Data entries:
..............................
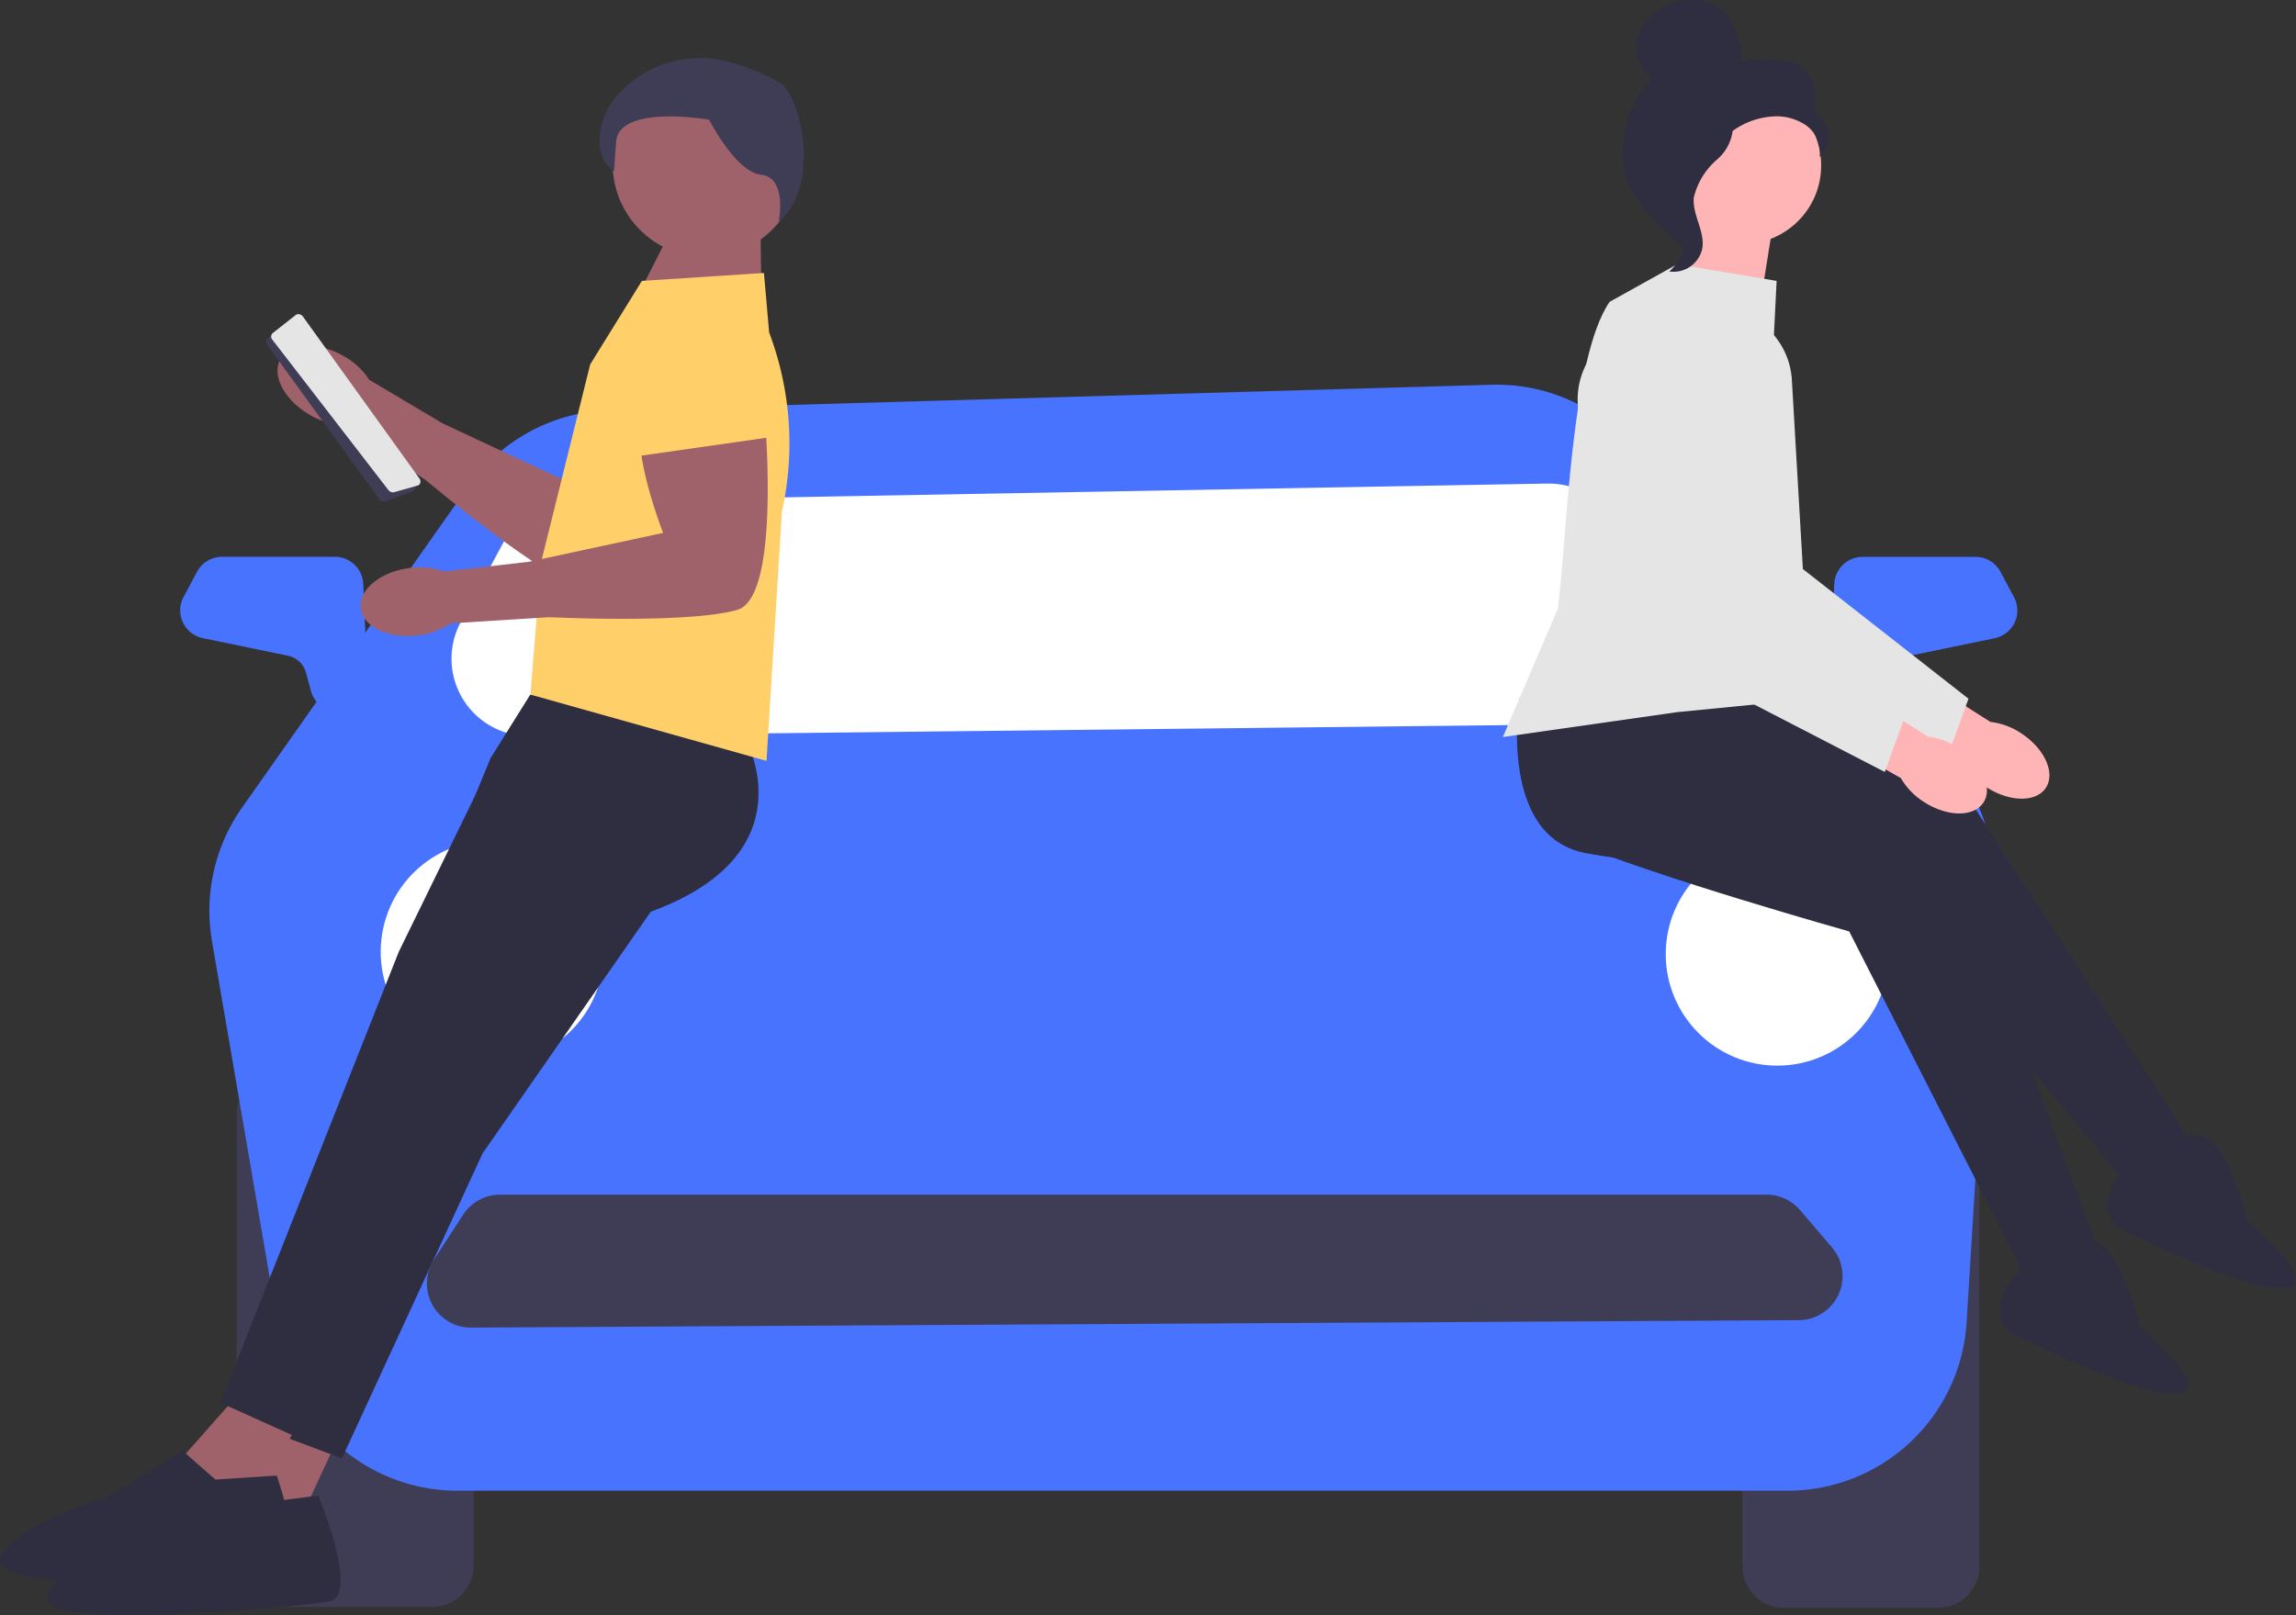 <svg xmlns="http://www.w3.org/2000/svg" width="132.227" height="93.046" viewBox="0 0 132.227 93.046">
  <rect x="0" y="0" width="132.227" height="93.046" fill="#333333" stroke="none"/>
  <g id="Group_11518" data-name="Group 11518" transform="translate(0)">
    <g id="Group_11506" data-name="Group 11506" transform="translate(10.378 22.166)">
      <path id="Path_17046" data-name="Path 17046" d="M159.581,418.7h-8.852a2.4,2.4,0,0,1-2.4-2.4V390.317a2.4,2.4,0,0,1,2.4-2.4h8.852a2.4,2.4,0,0,1,2.4,2.4V416.3a2.4,2.4,0,0,1-2.4,2.4Z" transform="translate(-145.081 -348.295)" fill="#3f3d56"/>
      <path id="Path_17047" data-name="Path 17047" d="M704.015,419.017h-8.852a2.4,2.4,0,0,1-2.4-2.4V390.637a2.4,2.4,0,0,1,2.4-2.4h8.852a2.4,2.4,0,0,1,2.4,2.4v25.981A2.4,2.4,0,0,1,704.015,419.017Z" transform="translate(-602.795 -348.563)" fill="#3f3d56"/>
      <path id="Path_17048" data-name="Path 17048" d="M153.4,145l-13.035,18.513a10.328,10.328,0,0,0-1.734,7.693l3.961,23.08a10.328,10.328,0,0,0,10.179,8.581h76.6a10.328,10.328,0,0,0,10.309-9.7l1.529-24.97a10.328,10.328,0,0,0-3.045-7.974l-18.284-18.086a10.328,10.328,0,0,0-7.561-2.981l-50.768,1.463A10.328,10.328,0,0,0,153.4,145Z" transform="translate(-136.802 -139.158)" fill="#4773ff"/>
      <path id="Path_17049" data-name="Path 17049" d="M228.757,178.318l-2.492,4.66a4.458,4.458,0,0,0,4.25,6.437l62.4-.693a4.414,4.414,0,0,0,3.7-7.079l-3.929-4.98a4.8,4.8,0,0,0-3.857-1.786L232.85,175.89a4.716,4.716,0,0,0-4.092,2.429Z" transform="translate(-210.173 -169.186)" fill="#fff"/>
      <path id="Path_17050" data-name="Path 17050" d="M726.325,210.341a1.634,1.634,0,0,1-1.635-1.634v-1.024l.205-4.721a1.631,1.631,0,0,1,1.633-1.563h6.5a1.631,1.631,0,0,1,1.442.865l.774,1.451a1.634,1.634,0,0,1-1.111,2.369l-4.9,1.013a1.36,1.36,0,0,0-1.041.979l-.289,1.06a1.644,1.644,0,0,1-1.414,1.2,1.6,1.6,0,0,1-.162.008Z" transform="translate(-629.636 -191.485)" fill="#4773ff"/>
      <path id="Path_17051" data-name="Path 17051" d="M136.877,210.333a1.644,1.644,0,0,1-1.414-1.2l-.289-1.06a1.36,1.36,0,0,0-1.041-.979l-4.9-1.013a1.634,1.634,0,0,1-1.111-2.369l.774-1.451a1.632,1.632,0,0,1,1.442-.865h6.5a1.631,1.631,0,0,1,1.633,1.563l.205,4.721v1.024a1.634,1.634,0,0,1-1.635,1.634,1.6,1.6,0,0,1-.162-.008Z" transform="translate(-127.93 -191.485)" fill="#4773ff"/>
      <circle id="Ellipse_2771" data-name="Ellipse 2771" cx="6.424" cy="6.424" r="6.424" transform="translate(10.601 37.976) rotate(-80.783)" fill="#fff"/>
      <circle id="Ellipse_2772" data-name="Ellipse 2772" cx="6.424" cy="6.424" r="6.424" transform="translate(85.552 26.374)" fill="#fff"/>
    </g>
    <g id="Group_11507" data-name="Group 11507" transform="translate(15.985 18.805)">
      <path id="Path_17052" data-name="Path 17052" d="M166.945,125.643a4.245,4.245,0,0,1,1.469,1.365l4.218,2.508,7.167,3.357s1.69-6.008,3.709-6.392,5.351,4.069,5.351,4.069-5.807,9.4-8.337,8.439-8.182-5.646-8.182-5.646l-.738-.6-4.7-3.124a4.246,4.246,0,0,1-1.916-.591c-1.469-.848-2.222-2.294-1.681-3.229s2.168-1,3.638-.155Z" transform="translate(-163.133 -123.936)" fill="#9f616a"/>
      <path id="Path_17053" data-name="Path 17053" d="M274.768,122.377l3.665-4.315,2.214.319a3.97,3.97,0,0,1,2.946,5.781l-1.276,2.421-7.55-4.206Z" transform="translate(-256.986 -118.062)" fill="#e5e5e5"/>
    </g>
    <path id="Path_17054" data-name="Path 17054" d="M165.59,124.35l-6.451-8.893a.308.308,0,0,1,.053-.419l1.547-1.278a.309.309,0,0,1,.453.067l6.409,9.619a.308.308,0,0,1-.151.461l-1.506.551a.31.31,0,0,1-.318-.066.3.3,0,0,1-.038-.043Z" transform="translate(-143.741 -95.581)" fill="#3f3d56"/>
    <path id="Path_17055" data-name="Path 17055" d="M167.561,123.748l-6.676-8.654a.269.269,0,0,1,.015-.379l1.328-1.045a.256.256,0,0,1,.217-.042.359.359,0,0,1,.206.14l6.7,9.315a.3.3,0,0,1,.055.247.221.221,0,0,1-.157.163l-1.347.383a.321.321,0,0,1-.3-.086.354.354,0,0,1-.038-.042Z" transform="translate(-145.198 -95.523)" fill="#e5e5e5"/>
    <g id="Group_11509" data-name="Group 11509" transform="translate(2.74 40.014)">
      <g id="Group_11508" data-name="Group 11508" transform="translate(0 41.708)">
        <path id="Path_17056" data-name="Path 17056" d="M146.125,513.677l-2.9,6.264-4.736-2.139,3.667-4.736Z" transform="translate(-129.166 -513.066)" fill="#9f616a"/>
        <path id="Path_17057" data-name="Path 17057" d="M92.047,535.695l3.514-.458s2.444,5.806.611,6.111-16.194,1.681-16.194-.153,5.958-4.125,5.958-4.125l4.125-2.9,1.986,1.528Z" transform="translate(-79.977 -530.806)" fill="#2f2e41"/>
      </g>
      <path id="Path_17058" data-name="Path 17058" d="M183.4,253.2s4.278,6.417-4.889,10.389l-9.778,14.056-8.1,17.569-4.889-1.833,8.556-26.583,4.889-11.917,2.292-3.667L183.4,253.2Z" transform="translate(-143.681 -251.216)" fill="#2f2e41"/>
    </g>
    <g id="Group_11511" data-name="Group 11511" transform="translate(0 39.76)">
      <g id="Group_11510" data-name="Group 11510" transform="translate(0 40.653)">
        <path id="Path_17059" data-name="Path 17059" d="M131.368,505.714l-3.3,6.061-4.587-2.443,3.968-4.487Z" transform="translate(-113.808 -504.845)" fill="#9f616a"/>
        <path id="Path_17060" data-name="Path 17060" d="M75.178,526.368l3.536-.228s2.061,5.953.211,6.138-16.27.621-16.15-1.208,6.215-3.728,6.215-3.728l4.305-2.628,1.882,1.654Z" transform="translate(-62.775 -521.549)" fill="#2f2e41"/>
      </g>
      <path id="Path_17061" data-name="Path 17061" d="M172.669,252.376s3.85,6.682-5.556,10.048L156.44,275.812l-9.225,17-4.759-2.148,10.27-25.969,5.655-11.573,2.526-3.509,11.762,2.759h0Z" transform="translate(-129.764 -249.617)" fill="#2f2e41"/>
    </g>
    <g id="Group_11512" data-name="Group 11512" transform="translate(35.282 4.064)">
      <path id="Path_17062" data-name="Path 17062" d="M292.586,74.371l-2.9,5.688,7.723,1.2-.084-7.647Z" transform="translate(-288.821 -65.952)" fill="#9f616a"/>
      <circle id="Ellipse_2773" data-name="Ellipse 2773" cx="5.376" cy="5.376" r="5.376" fill="#9f616a"/>
    </g>
    <path id="Path_17063" data-name="Path 17063" d="M268.141,126.821l.887-14.362a18.05,18.05,0,0,0-.735-10.319l-.3-3.429-7.028.458-2.979,4.812-2.826,11.382L254.544,123l13.6,3.819Z" transform="translate(-223.998 -82.987)" fill="#ffcf6a"/>
    <g id="Group_11513" data-name="Group 11513" transform="translate(20.766 19.099)">
      <path id="Path_17064" data-name="Path 17064" d="M195.955,152.443a4.245,4.245,0,0,1,2,.2l4.876-.557,7.737-1.666s-2.292-5.806-.917-7.333,6.722,0,6.722,0,1.069,11-1.528,11.764-9.931.458-9.931.458l-.951-.031-5.629.356a4.246,4.246,0,0,1-1.883.689c-1.683.214-3.157-.481-3.293-1.552s1.118-2.112,2.8-2.326Z" transform="translate(-193.144 -138.821)" fill="#9f616a"/>
      <path id="Path_17065" data-name="Path 17065" d="M290.512,127.146l.306-5.653,1.956-1.086a3.97,3.97,0,0,1,5.845,2.818l.45,2.7-8.556,1.222Z" transform="translate(-275.003 -119.904)" fill="#ffcf6a"/>
    </g>
    <path id="Path_17066" data-name="Path 17066" d="M289.861,30.415s.5-2.507-1-2.674-3.008-3.175-3.008-3.175-5.19-.905-5.357,1.267-.1,1.69-.1,1.69-1.234-.52-.732-2.692a4.015,4.015,0,0,1,.915-1.679,6.324,6.324,0,0,1,5.529-2.09,10.794,10.794,0,0,1,4,1.5C291.437,24.069,292.034,28.744,289.861,30.415Z" transform="translate(-245.012 -17.671)" fill="#3f3d56"/>
    <path id="Path_17067" data-name="Path 17067" d="M219.635,439.725a2.54,2.54,0,0,1-2.129-3.924l.077.05-.077-.05,1.677-2.58a2.531,2.531,0,0,1,2.13-1.156h72.932a2.536,2.536,0,0,1,1.93.889l1.84,2.152a2.54,2.54,0,0,1-1.916,4.19l-76.449.427Z" transform="translate(-192.511 -363.245)" fill="#3f3d56"/>
    <g id="Group_11517" data-name="Group 11517" transform="translate(86.547 0)">
      <g id="Group_11514" data-name="Group 11514" transform="translate(7.906 17.763)">
        <path id="uuid-1c700608-9394-49c0-b0ff-b9a4d1ab4826" d="M743.194,245.592c1.342.878,2.882.9,3.44.043s-.077-2.257-1.419-3.135a4.012,4.012,0,0,0-1.777-.658l-5.732-3.646-1.654,2.726,5.826,3.305a4.012,4.012,0,0,0,1.315,1.365Z" transform="translate(-723.264 -218.018)" fill="#ffb5b5"/>
        <path id="Path_17068" data-name="Path 17068" d="M659.392,130.1l14.061,7.268,1.223-3.364-9.538-7.471-.635-10.9a4.374,4.374,0,0,0-5.559-3.954h0a4.394,4.394,0,0,0-3.035,5.333l3.482,13.088Z" transform="translate(-655.763 -111.515)" fill="#e5e5e5"/>
      </g>
      <path id="Path_17069" data-name="Path 17069" d="M676.442,74.538l.657-4.109-4.438-1.808L672,74.867Z" transform="translate(-661.512 -57.691)" fill="#ffb5b5"/>
      <path id="Path_17070" data-name="Path 17070" d="M611.382,246.672s-1.274,7.962,3.822,8.918,16.721,1.592,16.721,1.592l14.969,18.154,3.026-3.344-12.9-19.906-10.351-6.529Z" transform="translate(-610.427 -206.444)" fill="#2f2e41"/>
      <path id="Path_17071" data-name="Path 17071" d="M614.937,244.463s-2.971,7.5,1.8,9.535,15.977,5.182,15.977,5.182l10.674,20.969,3.679-2.608-8.273-22.23-8.688-8.619-15.166-2.228Z" transform="translate(-612.765 -205.524)" fill="#2f2e41"/>
      <path id="Path_17072" data-name="Path 17072" d="M621.9,96.546l-5.733-.955-3.886,2.163c-2.262,3.289-2.448,13.723-2.982,17.679l-3.165,7.39,10.033-1.433,8.122-.8-2.707-17.677.318-6.37Z" transform="translate(-606.131 -80.365)" fill="#e5e5e5"/>
      <g id="Group_11515" data-name="Group 11515" transform="translate(6.918)">
        <circle id="Ellipse_2774" data-name="Ellipse 2774" cx="4.525" cy="4.525" r="4.525" transform="translate(2.366 5.008)" fill="#ffb5b5"/>
        <path id="Path_17073" data-name="Path 17073" d="M656.09,3.449c.131.076.306-.039.348-.185a.758.758,0,0,0-.055-.444l-.244-.723a3.715,3.715,0,0,0-.732-1.434,2.658,2.658,0,0,0-2.276-.631,3.342,3.342,0,0,0-2.55,1.634,2.228,2.228,0,0,0,.6,2.812,6.651,6.651,0,0,0-1.611,4.911c.068,1.893,2.131,3.635,3.477,4.969a1.456,1.456,0,0,0,.408-1.346c-.165-.31.072-.669-.133-.955s-.376.169-.169-.115c.13-.179-.379-.591-.185-.7.938-.519,1.251-1.688,1.84-2.584a4.4,4.4,0,0,1,3.215-1.933,3.04,3.04,0,0,1,2.04.466,1.912,1.912,0,0,1,.823,1.847,1.641,1.641,0,0,0-.341-2.568,2.68,2.68,0,0,0-.569-2.526c-.606-.669-3.066-.555-3.951-.379" transform="translate(-649.56 0)" fill="#2f2e41"/>
        <path id="Path_17074" data-name="Path 17074" d="M670.044,42.393c-1.172.127-2.019,1.142-2.734,2.08a3.1,3.1,0,0,0-.833,1.817,6.721,6.721,0,0,0,.689,1.928,2.905,2.905,0,0,1-.845,3.06,1.688,1.688,0,0,0,1.9-1.319c.17-.986-.578-1.937-.489-2.933a4.173,4.173,0,0,1,1.358-2.21,2.6,2.6,0,0,0,.87-2.366" transform="translate(-663.652 -35.641)" fill="#2f2e41"/>
      </g>
      <g id="Group_11516" data-name="Group 11516" transform="translate(4.309 18.614)">
        <path id="uuid-56bddbd5-b85a-439e-bf75-303479694ddb" d="M720.613,250.936c1.342.877,2.882.9,3.44.043s-.077-2.257-1.419-3.135a4.012,4.012,0,0,0-1.777-.658l-5.732-3.646-1.654,2.726,5.826,3.305A4.013,4.013,0,0,0,720.613,250.936Z" transform="translate(-700.683 -223.362)" fill="#ffb5b5"/>
        <path id="Path_17075" data-name="Path 17075" d="M636.811,135.448l14.061,7.268,1.223-3.364-9.538-7.471-.635-10.9a4.374,4.374,0,0,0-5.559-3.954h0a4.394,4.394,0,0,0-3.035,5.333l3.482,13.088Z" transform="translate(-633.183 -116.859)" fill="#e5e5e5"/>
      </g>
      <path id="Path_17076" data-name="Path 17076" d="M788.212,448.837l.325.186s2.229-1.274,3.344,0,1.911,4.459,1.911,4.459,4.618,3.822,1.911,3.822c-2.038,0-6.873-2.256-9.14-3.371a1.571,1.571,0,0,1-.779-1.958,3.91,3.91,0,0,1,.841-1.518,2.3,2.3,0,0,0,.637-1.214.648.648,0,0,1,.949-.4Z" transform="translate(-757.086 -377.025)" fill="#2f2e41"/>
      <path id="Path_17077" data-name="Path 17077" d="M827.2,410.845l.325.186s2.229-1.274,3.344,0,1.911,4.459,1.911,4.459,4.618,3.822,1.911,3.822c-2.038,0-6.873-2.256-9.139-3.371a1.571,1.571,0,0,1-.779-1.958,3.912,3.912,0,0,1,.841-1.518,2.3,2.3,0,0,0,.637-1.214.649.649,0,0,1,.949-.4Z" transform="translate(-789.867 -345.085)" fill="#2f2e41"/>
    </g>
  </g>
</svg>
..............................
#### TASK BRIEF
Please find, in the entries above, every line where "uuid" occurs, and copy it.

#### YOUR RESPONSE
        <path id="uuid-1c700608-9394-49c0-b0ff-b9a4d1ab4826" d="M743.194,245.592c1.342.878,2.882.9,3.44.043s-.077-2.257-1.419-3.135a4.012,4.012,0,0,0-1.777-.658l-5.732-3.646-1.654,2.726,5.826,3.305a4.012,4.012,0,0,0,1.315,1.365Z" transform="translate(-723.264 -218.018)" fill="#ffb5b5"/>
        <path id="uuid-56bddbd5-b85a-439e-bf75-303479694ddb" d="M720.613,250.936c1.342.877,2.882.9,3.44.043s-.077-2.257-1.419-3.135a4.012,4.012,0,0,0-1.777-.658l-5.732-3.646-1.654,2.726,5.826,3.305A4.013,4.013,0,0,0,720.613,250.936Z" transform="translate(-700.683 -223.362)" fill="#ffb5b5"/>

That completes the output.